Copy nothing but the text: repeat each entry exactly and drop the images.

(Stored records)
▬▬▬▬▬▬

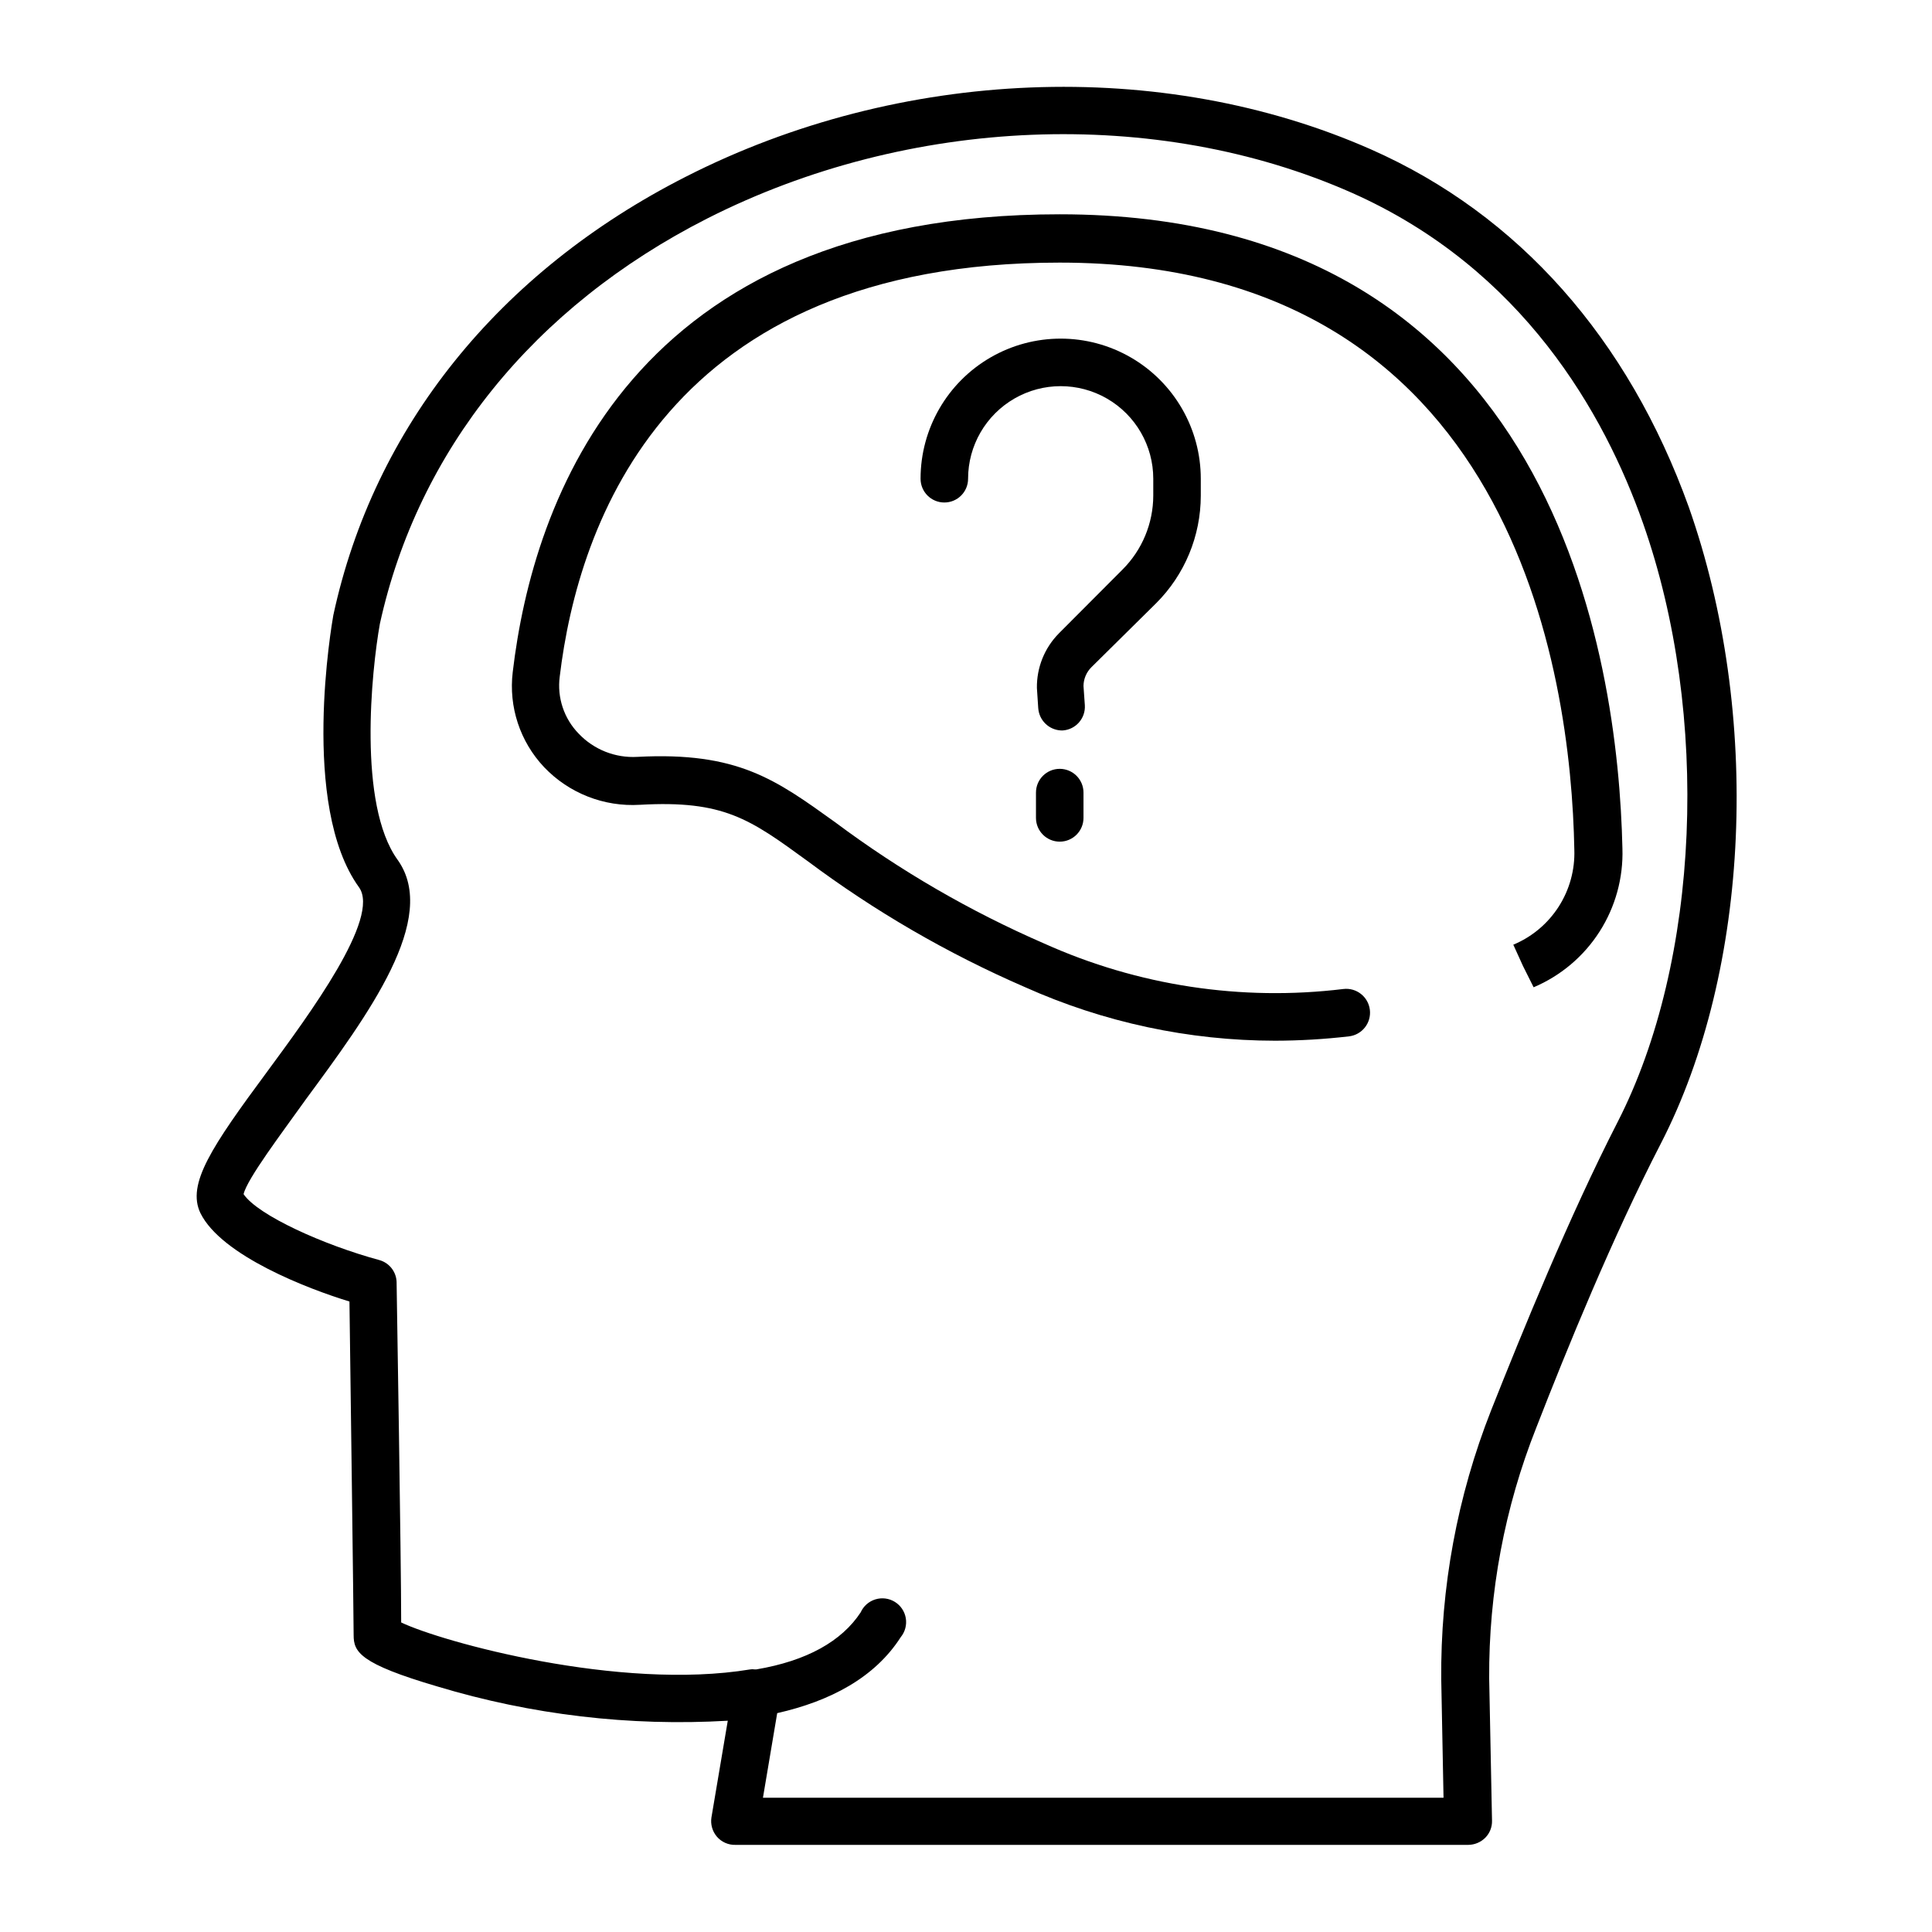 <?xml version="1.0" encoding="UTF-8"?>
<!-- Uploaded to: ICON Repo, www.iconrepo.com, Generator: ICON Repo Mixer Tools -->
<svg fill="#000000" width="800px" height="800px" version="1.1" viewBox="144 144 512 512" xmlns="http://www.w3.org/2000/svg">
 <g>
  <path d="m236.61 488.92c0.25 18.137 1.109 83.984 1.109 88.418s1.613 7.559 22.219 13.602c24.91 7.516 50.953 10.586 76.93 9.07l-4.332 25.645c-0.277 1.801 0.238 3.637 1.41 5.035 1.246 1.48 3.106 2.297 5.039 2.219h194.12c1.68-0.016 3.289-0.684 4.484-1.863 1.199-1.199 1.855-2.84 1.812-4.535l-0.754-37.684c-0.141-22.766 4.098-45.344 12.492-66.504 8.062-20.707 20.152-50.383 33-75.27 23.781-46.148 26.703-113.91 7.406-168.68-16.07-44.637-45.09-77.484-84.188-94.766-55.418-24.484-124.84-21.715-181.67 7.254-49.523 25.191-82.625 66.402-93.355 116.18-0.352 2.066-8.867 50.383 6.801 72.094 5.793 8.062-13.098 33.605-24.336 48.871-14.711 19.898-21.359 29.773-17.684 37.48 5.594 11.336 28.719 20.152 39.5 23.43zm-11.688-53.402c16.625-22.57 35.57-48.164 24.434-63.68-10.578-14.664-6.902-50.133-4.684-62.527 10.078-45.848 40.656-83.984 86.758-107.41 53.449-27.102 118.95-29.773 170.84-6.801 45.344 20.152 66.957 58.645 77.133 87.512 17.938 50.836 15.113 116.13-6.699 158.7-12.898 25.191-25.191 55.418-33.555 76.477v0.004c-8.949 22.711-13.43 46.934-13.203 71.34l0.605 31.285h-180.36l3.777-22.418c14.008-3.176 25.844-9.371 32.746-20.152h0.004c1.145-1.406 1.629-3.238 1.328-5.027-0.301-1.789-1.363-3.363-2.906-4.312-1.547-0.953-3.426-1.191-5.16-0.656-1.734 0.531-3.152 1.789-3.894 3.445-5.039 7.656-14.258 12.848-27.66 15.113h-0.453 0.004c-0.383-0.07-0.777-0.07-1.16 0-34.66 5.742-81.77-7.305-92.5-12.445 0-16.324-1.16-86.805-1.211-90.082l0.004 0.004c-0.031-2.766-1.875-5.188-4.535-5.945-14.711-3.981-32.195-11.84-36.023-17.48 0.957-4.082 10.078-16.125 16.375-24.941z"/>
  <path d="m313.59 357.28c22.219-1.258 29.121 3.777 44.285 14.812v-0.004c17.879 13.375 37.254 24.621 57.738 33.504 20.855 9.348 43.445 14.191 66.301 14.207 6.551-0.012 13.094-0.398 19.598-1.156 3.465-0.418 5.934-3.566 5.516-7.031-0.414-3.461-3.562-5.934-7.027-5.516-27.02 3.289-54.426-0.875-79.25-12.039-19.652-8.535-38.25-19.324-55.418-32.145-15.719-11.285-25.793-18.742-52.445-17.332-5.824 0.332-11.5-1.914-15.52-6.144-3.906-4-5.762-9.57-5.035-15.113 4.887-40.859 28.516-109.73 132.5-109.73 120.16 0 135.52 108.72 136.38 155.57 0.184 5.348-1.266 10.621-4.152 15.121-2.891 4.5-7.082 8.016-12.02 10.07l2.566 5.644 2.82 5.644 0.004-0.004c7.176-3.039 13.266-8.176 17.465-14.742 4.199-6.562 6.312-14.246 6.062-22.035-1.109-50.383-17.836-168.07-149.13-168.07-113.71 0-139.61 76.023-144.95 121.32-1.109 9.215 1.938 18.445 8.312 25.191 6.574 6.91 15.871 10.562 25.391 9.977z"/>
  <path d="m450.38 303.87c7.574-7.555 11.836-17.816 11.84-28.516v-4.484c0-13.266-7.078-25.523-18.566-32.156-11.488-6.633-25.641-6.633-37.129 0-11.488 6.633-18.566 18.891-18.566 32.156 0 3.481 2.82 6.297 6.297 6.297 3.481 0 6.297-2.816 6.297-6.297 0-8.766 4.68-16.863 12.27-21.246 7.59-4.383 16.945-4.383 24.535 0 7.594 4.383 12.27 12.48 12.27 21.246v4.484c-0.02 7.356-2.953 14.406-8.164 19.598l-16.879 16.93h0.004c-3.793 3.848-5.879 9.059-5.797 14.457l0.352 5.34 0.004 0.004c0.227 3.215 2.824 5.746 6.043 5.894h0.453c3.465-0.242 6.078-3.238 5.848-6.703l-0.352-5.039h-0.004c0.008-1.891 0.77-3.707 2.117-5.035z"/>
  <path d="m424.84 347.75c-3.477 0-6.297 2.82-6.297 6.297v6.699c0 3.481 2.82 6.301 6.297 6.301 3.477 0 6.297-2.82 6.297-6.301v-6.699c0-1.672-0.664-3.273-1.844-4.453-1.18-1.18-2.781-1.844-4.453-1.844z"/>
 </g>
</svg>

▬▬▬▬▬▬

- **RESPONSE AREA**:
 <?xml version="1.0" encoding="UTF-8"?>
<!-- Uploaded to: ICON Repo, www.iconrepo.com, Generator: ICON Repo Mixer Tools -->
<svg fill="#000000" width="800px" height="800px" version="1.1" viewBox="144 144 512 512" xmlns="http://www.w3.org/2000/svg">
 <g>
  <path d="m236.61 488.92c0.25 18.137 1.109 83.984 1.109 88.418s1.613 7.559 22.219 13.602c24.91 7.516 50.953 10.586 76.93 9.07l-4.332 25.645c-0.277 1.801 0.238 3.637 1.41 5.035 1.246 1.48 3.106 2.297 5.039 2.219h194.12c1.68-0.016 3.289-0.684 4.484-1.863 1.199-1.199 1.855-2.84 1.812-4.535l-0.754-37.684c-0.141-22.766 4.098-45.344 12.492-66.504 8.062-20.707 20.152-50.383 33-75.27 23.781-46.148 26.703-113.91 7.406-168.68-16.07-44.637-45.09-77.484-84.188-94.766-55.418-24.484-124.84-21.715-181.67 7.254-49.523 25.191-82.625 66.402-93.355 116.18-0.352 2.066-8.867 50.383 6.801 72.094 5.793 8.062-13.098 33.605-24.336 48.871-14.711 19.898-21.359 29.773-17.684 37.48 5.594 11.336 28.719 20.152 39.5 23.43zm-11.688-53.402c16.625-22.57 35.57-48.164 24.434-63.68-10.578-14.664-6.902-50.133-4.684-62.527 10.078-45.848 40.656-83.984 86.758-107.41 53.449-27.102 118.95-29.773 170.84-6.801 45.344 20.152 66.957 58.645 77.133 87.512 17.938 50.836 15.113 116.13-6.699 158.7-12.898 25.191-25.191 55.418-33.555 76.477v0.004c-8.949 22.711-13.43 46.934-13.203 71.34l0.605 31.285h-180.36l3.777-22.418c14.008-3.176 25.844-9.371 32.746-20.152h0.004c1.145-1.406 1.629-3.238 1.328-5.027-0.301-1.789-1.363-3.363-2.906-4.312-1.547-0.953-3.426-1.191-5.16-0.656-1.734 0.531-3.152 1.789-3.894 3.445-5.039 7.656-14.258 12.848-27.66 15.113h-0.453 0.004c-0.383-0.07-0.777-0.07-1.16 0-34.66 5.742-81.77-7.305-92.5-12.445 0-16.324-1.16-86.805-1.211-90.082l0.004 0.004c-0.031-2.766-1.875-5.188-4.535-5.945-14.711-3.981-32.195-11.84-36.023-17.48 0.957-4.082 10.078-16.125 16.375-24.941z"/>
  <path d="m313.59 357.28c22.219-1.258 29.121 3.777 44.285 14.812v-0.004c17.879 13.375 37.254 24.621 57.738 33.504 20.855 9.348 43.445 14.191 66.301 14.207 6.551-0.012 13.094-0.398 19.598-1.156 3.465-0.418 5.934-3.566 5.516-7.031-0.414-3.461-3.562-5.934-7.027-5.516-27.02 3.289-54.426-0.875-79.25-12.039-19.652-8.535-38.25-19.324-55.418-32.145-15.719-11.285-25.793-18.742-52.445-17.332-5.824 0.332-11.5-1.914-15.52-6.144-3.906-4-5.762-9.57-5.035-15.113 4.887-40.859 28.516-109.73 132.5-109.73 120.16 0 135.52 108.72 136.38 155.57 0.184 5.348-1.266 10.621-4.152 15.121-2.891 4.5-7.082 8.016-12.02 10.07l2.566 5.644 2.82 5.644 0.004-0.004c7.176-3.039 13.266-8.176 17.465-14.742 4.199-6.562 6.312-14.246 6.062-22.035-1.109-50.383-17.836-168.07-149.13-168.07-113.71 0-139.61 76.023-144.95 121.32-1.109 9.215 1.938 18.445 8.312 25.191 6.574 6.91 15.871 10.562 25.391 9.977z"/>
  <path d="m450.38 303.87c7.574-7.555 11.836-17.816 11.84-28.516v-4.484c0-13.266-7.078-25.523-18.566-32.156-11.488-6.633-25.641-6.633-37.129 0-11.488 6.633-18.566 18.891-18.566 32.156 0 3.481 2.82 6.297 6.297 6.297 3.481 0 6.297-2.816 6.297-6.297 0-8.766 4.68-16.863 12.27-21.246 7.59-4.383 16.945-4.383 24.535 0 7.594 4.383 12.27 12.48 12.27 21.246v4.484c-0.02 7.356-2.953 14.406-8.164 19.598l-16.879 16.93h0.004c-3.793 3.848-5.879 9.059-5.797 14.457l0.352 5.34 0.004 0.004c0.227 3.215 2.824 5.746 6.043 5.894h0.453c3.465-0.242 6.078-3.238 5.848-6.703l-0.352-5.039h-0.004c0.008-1.891 0.77-3.707 2.117-5.035z"/>
  <path d="m424.84 347.75c-3.477 0-6.297 2.82-6.297 6.297v6.699c0 3.481 2.82 6.301 6.297 6.301 3.477 0 6.297-2.82 6.297-6.301v-6.699c0-1.672-0.664-3.273-1.844-4.453-1.18-1.18-2.781-1.844-4.453-1.844z"/>
 </g>
</svg>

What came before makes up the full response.